I bought our first wild sockeye of the season at Save-On Foods in Burnaby, BC, today.

It was small, weighing in at 0.686 kg, or about 1.5 lbs. Of course that’s sans head and guts, but it still appeared undersized. All of the sockeye at Save-On looked small. Certainly way smaller than the pinks I fished on the Fraser last year.

Come to think of it, the fish looked not much bigger than a coho jack — a male coho salmon that returns to spawn a year early.

According to the DFO Tidal Waters Sport Fishing Guide, a sockeye “usually weighs between 2.2 kg and 3.1 kg, but can reach 6.3 kg.”

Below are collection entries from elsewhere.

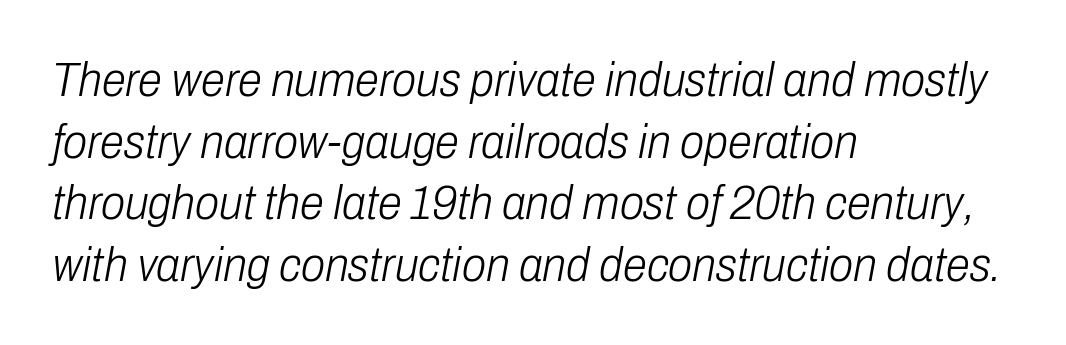
The characters are drawn with everyday or finer stroke widths. Posture: slanted. Varying glyph widths throughout — classic text-font behaviour. Has an underline been added? It has not. Which margin do the lines hug? The left one — the right edge is uneven. Look at the tracking — it's just the regular setting, nothing added.
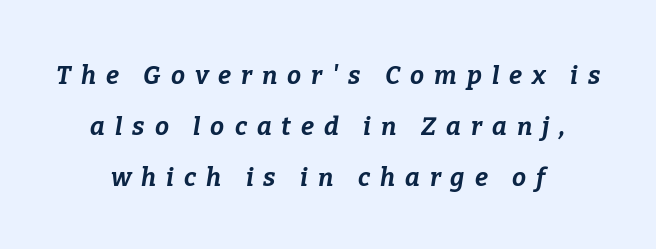
{"italic": "yes", "lean": "right", "slant_degrees": 9, "bold": "yes", "underline": "no", "align": "center", "line_spacing": "loose", "line_spacing_ratio": 2.05, "letter_spacing": "wide", "letter_spacing_em": 0.4, "glyph_px": 25}
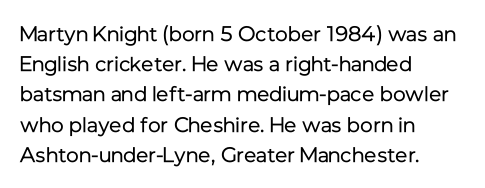
{"italic": "no", "bold": "no", "underline": "no", "align": "left", "line_spacing": "normal", "line_spacing_ratio": 1.44, "letter_spacing": "normal", "letter_spacing_em": 0.0, "glyph_px": 21}
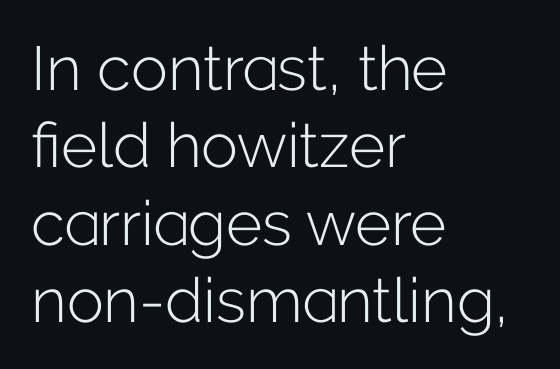
Q: Is the text bold? A: No.
Q: Is the text italic (slanted)? A: No, it is upright.
Q: Is the typeface a serif or a sans-serif typeface? A: Sans-serif.
Q: Is the text underlined? A: No.
Q: How is the paragraph aligned? A: Left-aligned.
Q: Is the spacing between letters normal or unusually wide? A: Normal.
Q: Is the spacing between lines tight, normal or loose? A: Normal.
Q: Width (condensed, normal, or wide)? A: Normal.
Q: Stroke contrast? A: Low.
Q: x-height? A: Medium.
Q: Monospaced? A: No.
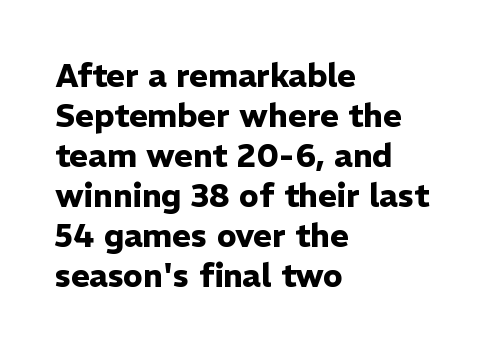
Q: Is the text bold? A: Yes.
Q: Is the text italic (slanted)? A: No, it is upright.
Q: Is the typeface a serif or a sans-serif typeface? A: Sans-serif.
Q: Is the text underlined? A: No.
Q: How is the paragraph aligned? A: Left-aligned.
Q: Is the spacing between letters normal or unusually wide? A: Normal.
Q: Is the spacing between lines tight, normal or loose? A: Normal.
Q: Width (condensed, normal, or wide)? A: Normal.
Q: Stroke contrast? A: Low.
Q: x-height? A: Medium.
Q: Monospaced? A: No.
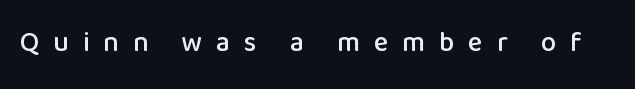
The image shows 28 px sans-serif type, upright; set unusually wide letter spacing (+0.49 em), not underlined; low stroke contrast and a medium x-height.
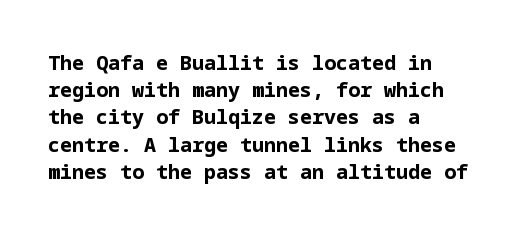
The image shows 20 px bold type, upright; set left-aligned, normal line spacing (1.36x), normal letter spacing, not underlined.
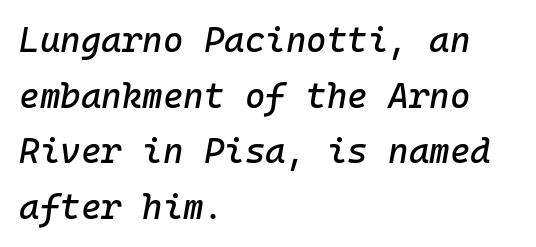
The image shows 35 px text type, italic (leaning right), monospaced; set left-aligned, normal line spacing (1.59x), normal letter spacing, not underlined; low stroke contrast and a medium x-height.
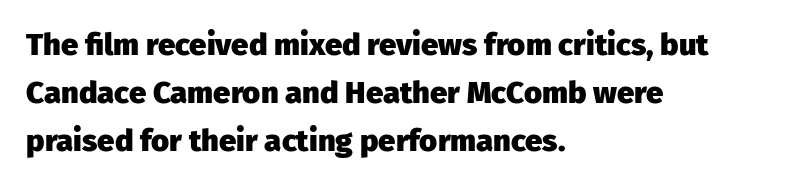
{"serif": "no", "italic": "no", "bold": "yes", "weight": "heavy", "width": "normal", "stroke_contrast": "low", "x_height": "medium", "monospaced": "no", "underline": "no", "align": "left", "line_spacing": "normal", "line_spacing_ratio": 1.55, "letter_spacing": "normal", "letter_spacing_em": 0.0, "glyph_px": 31}
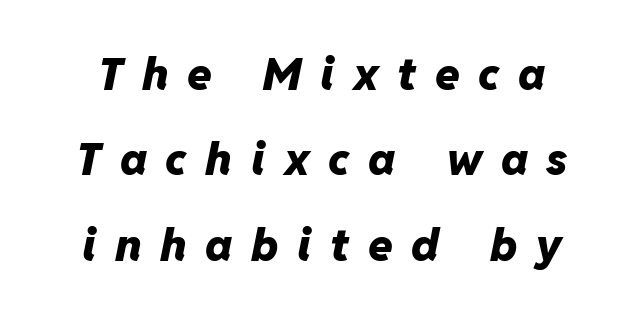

UPDATE: I’ve been looking into this online, Googling and reading academic papers, and have come to the conclusion that while small, this fish was likely not an outlier.

Most research and reporting on fish sizes and weights presents “average” ranges, and it’s hard to find information about what the usual minimum weights are. However I did find the following on the Agriculture and Agri-Food Canada government website:

“Commercially caught sockeye range in weight from 2 to 9 pounds and are graded according to size: 2-4 lbs., 4-6 lbs., and 6-9 lbs.”

So I guess that 1.5-pound dressed fish was not an outlier.